[Items from a dataset]
------------------------

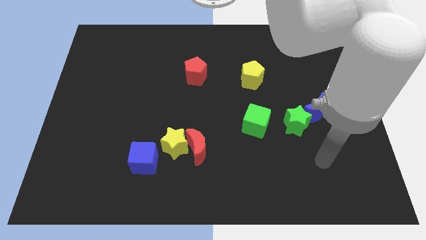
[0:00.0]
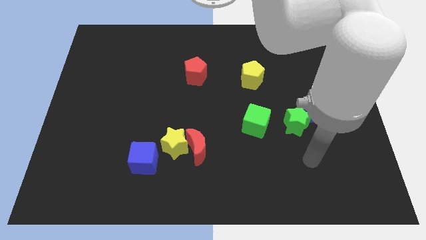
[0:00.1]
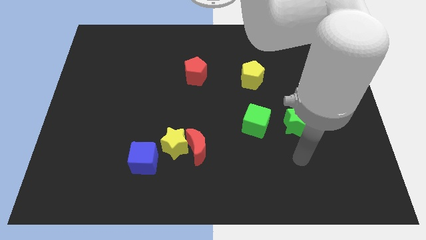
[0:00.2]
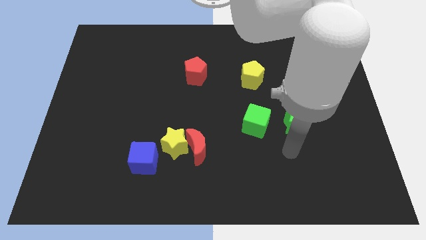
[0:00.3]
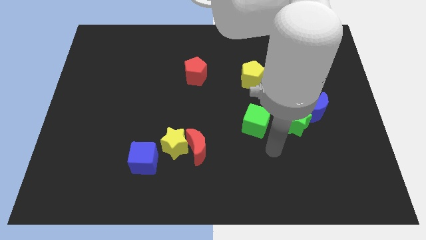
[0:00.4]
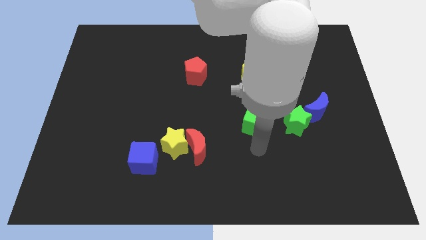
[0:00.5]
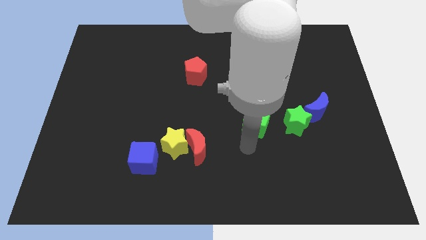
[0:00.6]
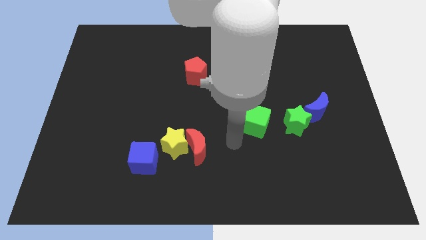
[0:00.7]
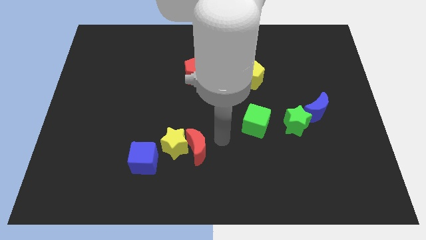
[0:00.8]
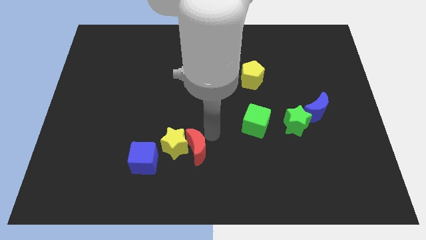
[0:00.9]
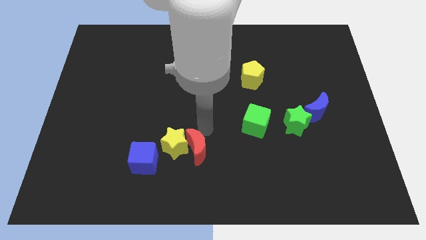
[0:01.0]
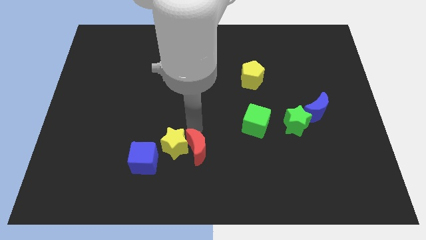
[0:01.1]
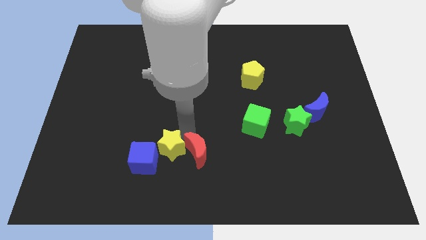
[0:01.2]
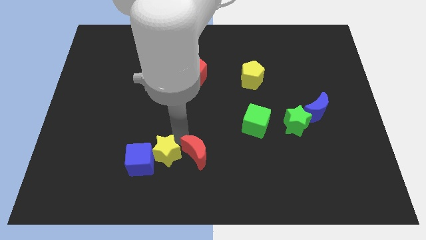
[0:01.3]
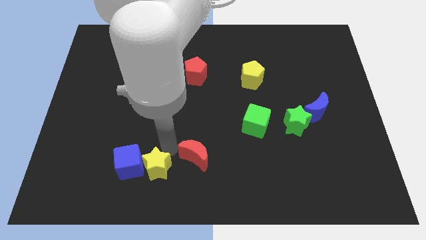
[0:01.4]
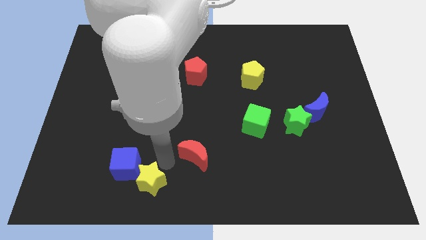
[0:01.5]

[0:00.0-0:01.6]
pull the red moon apart from the yellow star

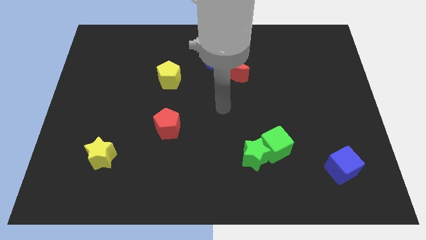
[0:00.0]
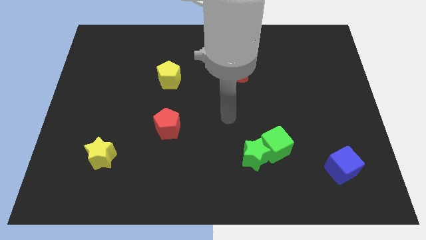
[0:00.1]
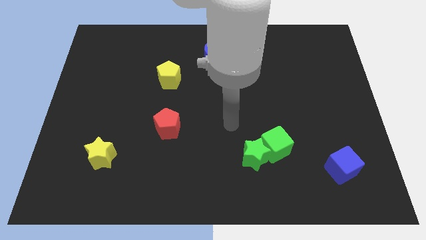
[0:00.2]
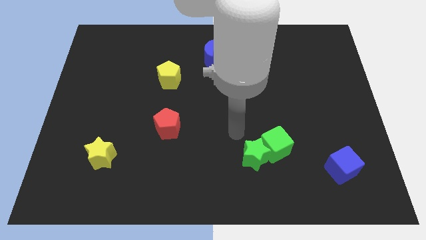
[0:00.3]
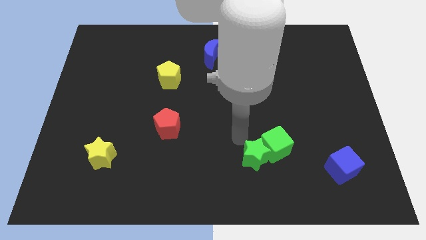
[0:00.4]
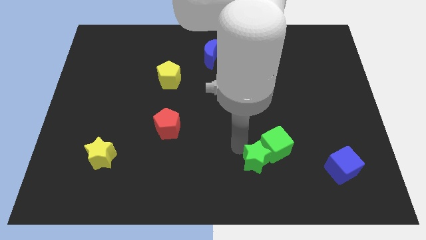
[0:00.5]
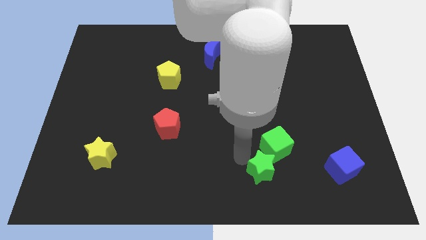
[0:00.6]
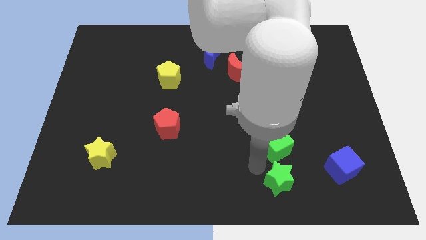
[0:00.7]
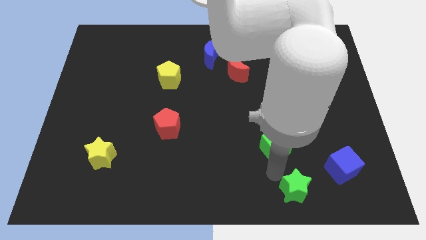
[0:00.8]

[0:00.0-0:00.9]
move the green cube away from the green star

------------------------

**Required work:** Please reproduce the entries above exactly, omitting every picture.

**Result of the exercise:**
[0:00.0]
[0:00.1]
[0:00.2]
[0:00.3]
[0:00.4]
[0:00.5]
[0:00.6]
[0:00.7]
[0:00.8]
[0:00.9]
[0:01.0]
[0:01.1]
[0:01.2]
[0:01.3]
[0:01.4]
[0:01.5]

[0:00.0-0:01.6]
pull the red moon apart from the yellow star

[0:00.0]
[0:00.1]
[0:00.2]
[0:00.3]
[0:00.4]
[0:00.5]
[0:00.6]
[0:00.7]
[0:00.8]

[0:00.0-0:00.9]
move the green cube away from the green star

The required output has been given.